Divorce cases on grounds of kinship were not the norm. Despite the occasional outlandish case, such as *Ask c Ask and Conyers* where a son alleged that his parents had divorced collusively on grounds of spiritual fraternity to deprive him of his interitance, the case evidence reveals a very different world from that where Maitland had proposed that almost any marriage could be dissolved on grounds of kinship. Clearly, consanguinity and affinity could be used or discovered to escape from marriages, but the records suggest that they were not often used to escape from current marriages; instead they were more common as a defence in marriage enforcement cases. In fact, the court records seem to show that the underlying system that was meant to prevent incestuous or harmful (i.e. non-dispensable) marriages operated with some level of success. It may be that a genuine sense that ‘incestuous’ marriages were wrong prevented kinship from being used as a casual route to escape marriage. There is evidence that shows that incestuous marriages were a matter of bad conscience.

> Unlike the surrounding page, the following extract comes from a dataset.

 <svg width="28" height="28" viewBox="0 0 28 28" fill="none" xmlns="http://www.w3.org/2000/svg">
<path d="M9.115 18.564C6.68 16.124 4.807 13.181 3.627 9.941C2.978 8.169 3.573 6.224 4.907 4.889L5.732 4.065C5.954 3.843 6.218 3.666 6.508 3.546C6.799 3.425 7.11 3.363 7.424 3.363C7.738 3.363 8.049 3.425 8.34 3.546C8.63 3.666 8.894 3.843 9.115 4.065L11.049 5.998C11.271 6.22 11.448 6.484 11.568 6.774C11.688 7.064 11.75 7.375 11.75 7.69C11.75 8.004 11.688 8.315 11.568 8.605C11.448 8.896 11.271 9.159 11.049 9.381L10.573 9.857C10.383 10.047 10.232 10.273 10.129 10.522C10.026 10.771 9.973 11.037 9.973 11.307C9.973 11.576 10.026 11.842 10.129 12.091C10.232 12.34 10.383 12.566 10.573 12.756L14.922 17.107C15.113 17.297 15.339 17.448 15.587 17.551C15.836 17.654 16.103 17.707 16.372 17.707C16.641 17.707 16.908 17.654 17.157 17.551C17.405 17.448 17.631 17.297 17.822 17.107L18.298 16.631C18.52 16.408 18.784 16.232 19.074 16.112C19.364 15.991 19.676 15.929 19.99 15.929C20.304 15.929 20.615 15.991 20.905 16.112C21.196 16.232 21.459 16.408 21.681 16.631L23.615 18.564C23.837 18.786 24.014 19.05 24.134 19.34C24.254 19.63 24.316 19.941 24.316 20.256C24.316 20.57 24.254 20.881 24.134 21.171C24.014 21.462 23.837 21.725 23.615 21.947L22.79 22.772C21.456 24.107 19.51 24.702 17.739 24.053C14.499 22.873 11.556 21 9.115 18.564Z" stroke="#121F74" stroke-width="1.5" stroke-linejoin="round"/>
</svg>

For example, both Donahue and Sheehan consider that John de Lile of Chatteris resisted cohabiting with his ‘wife’, Katherine, in the late 1370s, once affinity was discovered between them. Some effort was made to observe the rules: people would not have paid for a dispensation or for a priest to travel and gain a dispensation if there were no need and no social pressure to conform. It may also have been that kinship sufficient to dissolve or defend against a marriage was difficult to prove to a level that satisfied canon law rules of evidence. Whatever the reason for the comparatively small role of kinship in litigation, it seems clear that the canon law kinship system operated in practice and that some people obeyed it and were (publicly at least) scandalised when it was disobeyed….

“In a sample of sixty-two instance from York, Ely, Lincoln [in the east midlands], Wisbech [also in cambridgeshire, east anglia] and Canterbury [in kent in the southeast] that raised kinship in some manner, by far the

worby - types of kinship alleged in the canon law sample

greater majority raised objections on grounds of affinity: thirty-three affinity and sixteen consanguinity (see table 1)…. The disparity is interesting, however, as it suggests that people were either more likely to obey the consanguinity rules than the affinity rules, or that people were more likely to falsely allege an affinial relationship. There is some evidence for the second suggestion arising from the number of cases (at least twenty-three) based on affinity through illicit intercourse, a less public relationship than a marriage or betrothal. Yet the pattern was sustained in office cases where it can be supposed that there were fewer opportunities for collusion (thirteen out of eighteen cases alleging affinity of any type). Therefore it is likely that a combination of both factors was at work. It is enough to not that consanguineous relationships seem to have been more scandalous than relationships with affines.

it’s interesting that there were no cases related to consanguinity or “other incest” at all in fourteenth century canterbury which is all the way in the south of england in kent, just across the channel from northern france. kent had one of the earliest secular laws against cousin marriage in england that i have come across, the law of wihtred from the 690s, while at the same time it experienced a late adoption of manorialism, if at all (probably not so much in the east where the “men of kent” come from!). so, not the full package of outbreeding tricks for kent, but a very early start to cousin marriage bans.